Use `on_user_input_request` for:
- Missing constraints (scope, target path, output format)
- High-risk actions (delete/migrate/overwrite)
- Contradictory instructions

**Rule**: ask once with concise choices; avoid repeated back-and-forth.

## B. Progress visibility

Emit status in major phases:
1. Context check
2. Planning/analysis
3. Tool execution
4. Verification
5. Final result

**Rule**: no silent waits > 8 seconds.

## C. Friendly failure style

Every failure should include:
- what failed
- why (short)
- what was already done
- next recommended action

## D. Output readability

Standardize final response blocks:
- `Outcome`
- `Changes`
- `Validation`
- `Limitations`
- `Next Step`

---

## 4) High-value features to add (priority)

## P0 (immediate)

1. `on_user_input_request` handler with default answer strategy
2. `on_pre_tool_use` for argument checks + risk gates
3. Structured progress events (phase-based)

## P1 (short-term)

4. Error taxonomy + retry policy (`network`, `provider`, `tool`, `validation`)
5. Profile-based session factory with safe fallback
6. Auto quality gate for final output sections

## P2 (mid-term)

7. Transport flexibility (`cli_url`, `use_stdio`, `port`) for deployment resilience
8. Azure provider path completion
9. Foreground session lifecycle support for advanced multi-session control

---

## 5) Suggested valves for stability/friendliness

- `AGENT_PROFILE`: `default | builder | analyst | reviewer`
- `ENABLE_USER_INPUT_REQUEST`: `bool`
- `DEFAULT_USER_INPUT_ANSWER`: `str`
- `TOOL_CALL_TIMEOUT_SECONDS`: `int`
- `MAX_RETRY_ATTEMPTS`: `int`
- `ENABLE_SAFE_TOOL_GUARD`: `bool`
- `ENABLE_PHASE_STATUS_EVENTS`: `bool`
- `ENABLE_FRIENDLY_FAILURE_TEMPLATE`: `bool`

---

## 6) Failure playbooks (practical)

## Playbook A — Provider timeout

- Retry once if request is idempotent.
- Downgrade reasoning effort if timeout persists.
- Return concise fallback and preserve partial result.

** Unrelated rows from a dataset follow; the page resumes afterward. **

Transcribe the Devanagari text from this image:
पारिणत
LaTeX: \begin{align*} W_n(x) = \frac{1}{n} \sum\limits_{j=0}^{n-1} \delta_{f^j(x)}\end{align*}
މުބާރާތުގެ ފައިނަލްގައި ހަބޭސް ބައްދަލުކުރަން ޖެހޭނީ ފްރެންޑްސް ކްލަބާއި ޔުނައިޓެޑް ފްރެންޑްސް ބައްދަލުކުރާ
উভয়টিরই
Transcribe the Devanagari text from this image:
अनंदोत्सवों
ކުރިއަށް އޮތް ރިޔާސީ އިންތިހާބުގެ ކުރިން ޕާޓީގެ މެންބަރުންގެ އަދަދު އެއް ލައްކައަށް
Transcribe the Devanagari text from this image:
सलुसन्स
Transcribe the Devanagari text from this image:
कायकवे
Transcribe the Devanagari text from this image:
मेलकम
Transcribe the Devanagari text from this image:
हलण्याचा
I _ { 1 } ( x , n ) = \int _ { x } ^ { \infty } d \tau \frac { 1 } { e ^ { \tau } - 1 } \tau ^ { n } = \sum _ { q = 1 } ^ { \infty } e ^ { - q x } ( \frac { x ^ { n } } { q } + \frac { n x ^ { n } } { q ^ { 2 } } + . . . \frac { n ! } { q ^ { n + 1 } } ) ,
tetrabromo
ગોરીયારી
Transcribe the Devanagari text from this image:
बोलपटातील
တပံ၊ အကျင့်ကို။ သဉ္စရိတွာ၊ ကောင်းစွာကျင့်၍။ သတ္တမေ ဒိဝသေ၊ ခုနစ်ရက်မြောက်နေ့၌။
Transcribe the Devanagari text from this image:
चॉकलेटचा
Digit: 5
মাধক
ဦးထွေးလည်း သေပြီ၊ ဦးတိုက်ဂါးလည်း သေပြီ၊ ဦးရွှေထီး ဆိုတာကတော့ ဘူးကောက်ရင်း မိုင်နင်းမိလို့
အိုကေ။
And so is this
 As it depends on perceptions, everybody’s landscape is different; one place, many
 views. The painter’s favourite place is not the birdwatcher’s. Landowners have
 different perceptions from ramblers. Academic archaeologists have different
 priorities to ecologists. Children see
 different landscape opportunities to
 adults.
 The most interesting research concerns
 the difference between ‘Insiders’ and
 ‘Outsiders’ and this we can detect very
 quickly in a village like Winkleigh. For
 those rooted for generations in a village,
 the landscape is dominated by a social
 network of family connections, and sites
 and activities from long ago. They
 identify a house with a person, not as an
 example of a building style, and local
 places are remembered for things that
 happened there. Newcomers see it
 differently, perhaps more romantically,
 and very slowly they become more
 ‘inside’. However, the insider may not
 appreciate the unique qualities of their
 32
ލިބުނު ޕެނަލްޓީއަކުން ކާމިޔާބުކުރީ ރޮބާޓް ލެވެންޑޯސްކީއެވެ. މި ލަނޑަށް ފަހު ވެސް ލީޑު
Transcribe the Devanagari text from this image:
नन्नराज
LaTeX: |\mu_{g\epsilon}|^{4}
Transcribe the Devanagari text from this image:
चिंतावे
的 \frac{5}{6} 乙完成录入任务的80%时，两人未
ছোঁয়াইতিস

## Playbook B — Tool argument mismatch

- Block execution in `on_pre_tool_use`.
- Ask user one clarification question if recoverable.
- Otherwise skip tool and explain impact.

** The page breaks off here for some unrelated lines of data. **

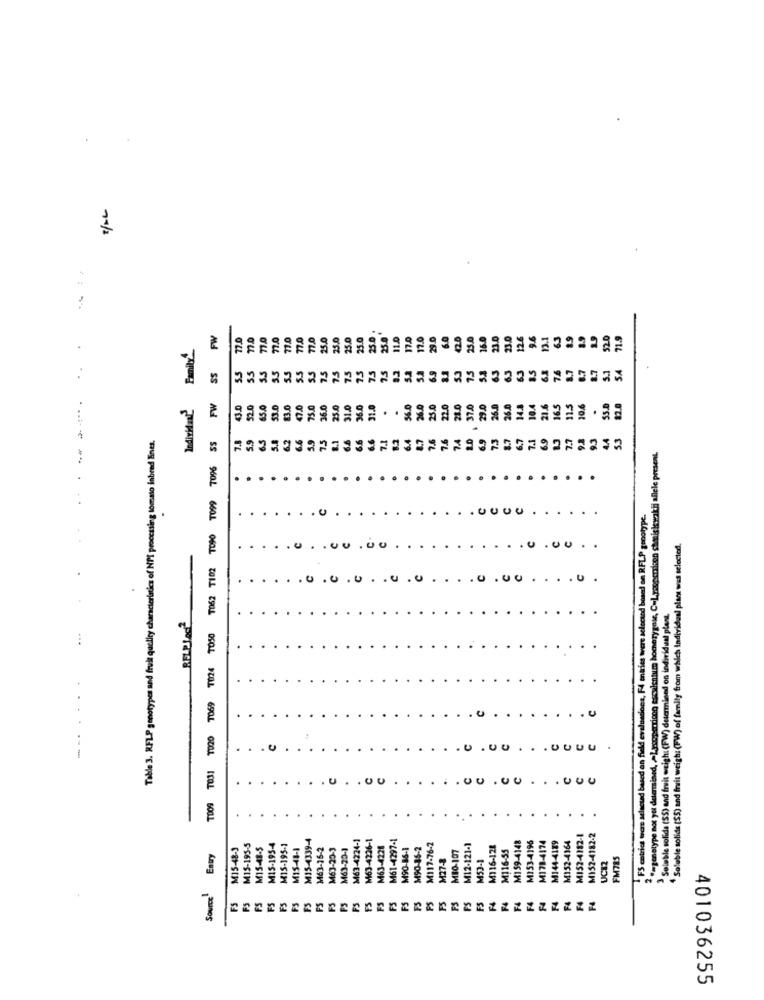
SS FW
77.0
77.0
77.0
77.0
25.0
25.0
11.0
Family
23.0
25.0
25.0
230
55
75
55
75
Individual'
FW
52.0
65.0
53.0
83.0
47.
75.0
36.0
25.0
31.0
36.0
31.0
56.0
26.0
23.0
22.0
21.0
. 374
29.0
26.0
26.0
10.4
21.6
165
115
10.6
55.0
Table 3. RFLP genotypes and fruit quolity characteristics of NPI proccssing tomato inbred Eines.
SS
7.8
6.5
5.9
2 == genotype not yet determined, - Lesoperricon esculentum homerygok, C-Lysspanien shmisiewakii allele present.
TO62 T102 TO90 TO99 7096
.
JUUU
FS catrics was selected based on field evaluations, F4 entries were selected based on RFLP genotype
00
"Soluble solids (SS) and fruit weigh: (PW) of family from which Individual plant was selected
0
.u
0
Soluble solide (SS) and fruit weighs (PW) determined on individual plant.
BELPLAG2
TOO9 TO31 TO20 T069 1024 7050
U .00
M15-4339-4
M63-4226-1
M61-4297-1
M153-4196
M178-4174
M152-4164
MIS2-4182-1
M152-4182-2
M15-48-3
M15-195-5
M15-48-5
M15-195-4
M15-195-1
MIS-48-1
M63-16-2
M63-20-3
M63-20-1
M63-4224-1
M63-4228
M90-86-1
M90-85-2
M117-76-2
MBO-107
M12-121-1
M116-128
M 116-55
M159-4148
M144-4189
Source Entry
M27-8
M53-1
UC82
FM785
FS
FS
FS
FS
FS
PS
FS
FS
FS
F4
F4
FS
FS
FS
FS
FS
FS
PS
FS
FS
PS
F4
401036255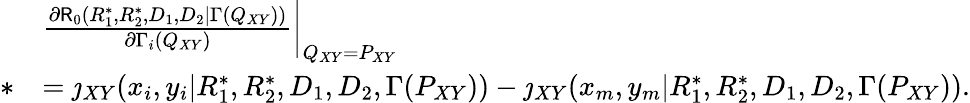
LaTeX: \begin{array}{rl}&{\frac{\partial\mathsf{R}_{0}(R_{1}^{*},R_{2}^{*},D_{1},D_{2}|\Gamma(Q_{XY}))}{\partial\Gamma_{i}(Q_{XY})}\bigg|_{Q_{XY}=P_{XY}}}\\ {*}&{=\jmath_{XY}(x_{i},y_{i}|R_{1}^{*},R_{2}^{*},D_{1},D_{2},\Gamma(P_{XY}))-\jmath_{XY}(x_{m},y_{m}|R_{1}^{*},R_{2}^{*},D_{1},D_{2},\Gamma(P_{XY})).}\end{array}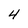
Character: 4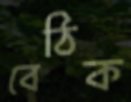
বেঠিক

## Playbook C — Large output overflow

- Save large output to workspace file.
- Return file path + short summary.
- Avoid flooding chat with huge payload.

## Playbook D — Conflicting user instructions

- Surface conflict explicitly.
- Offer 2-3 fixed choices.
- Continue only after user selection.

---

## 7) Metrics to track

- Session success rate
- Tool-call success rate
- Average recovery rate after first failure
- Clarification rate vs hallucination rate
- Mean time to first useful output
- User follow-up dissatisfaction signals (e.g., “not what I asked”)

---

## 8) Minimal rollout plan

1. Add `on_user_input_request` + `on_pre_tool_use` (feature-gated).
2. Add phase status events and friendly failure template.
3. Add retry policy + error taxonomy.
4. Add profile fallback and deployment transport options.
5. Observe metrics for 1-2 weeks, then tighten defaults.

---

## 9) Quick acceptance checklist

- Agent asks clarification only when necessary.
- No long silent period without status updates.
- Failures always include next actionable step.
- Unknown profile/provider config does not crash session.
- Large outputs are safely redirected to file.
- Final response follows a stable structure.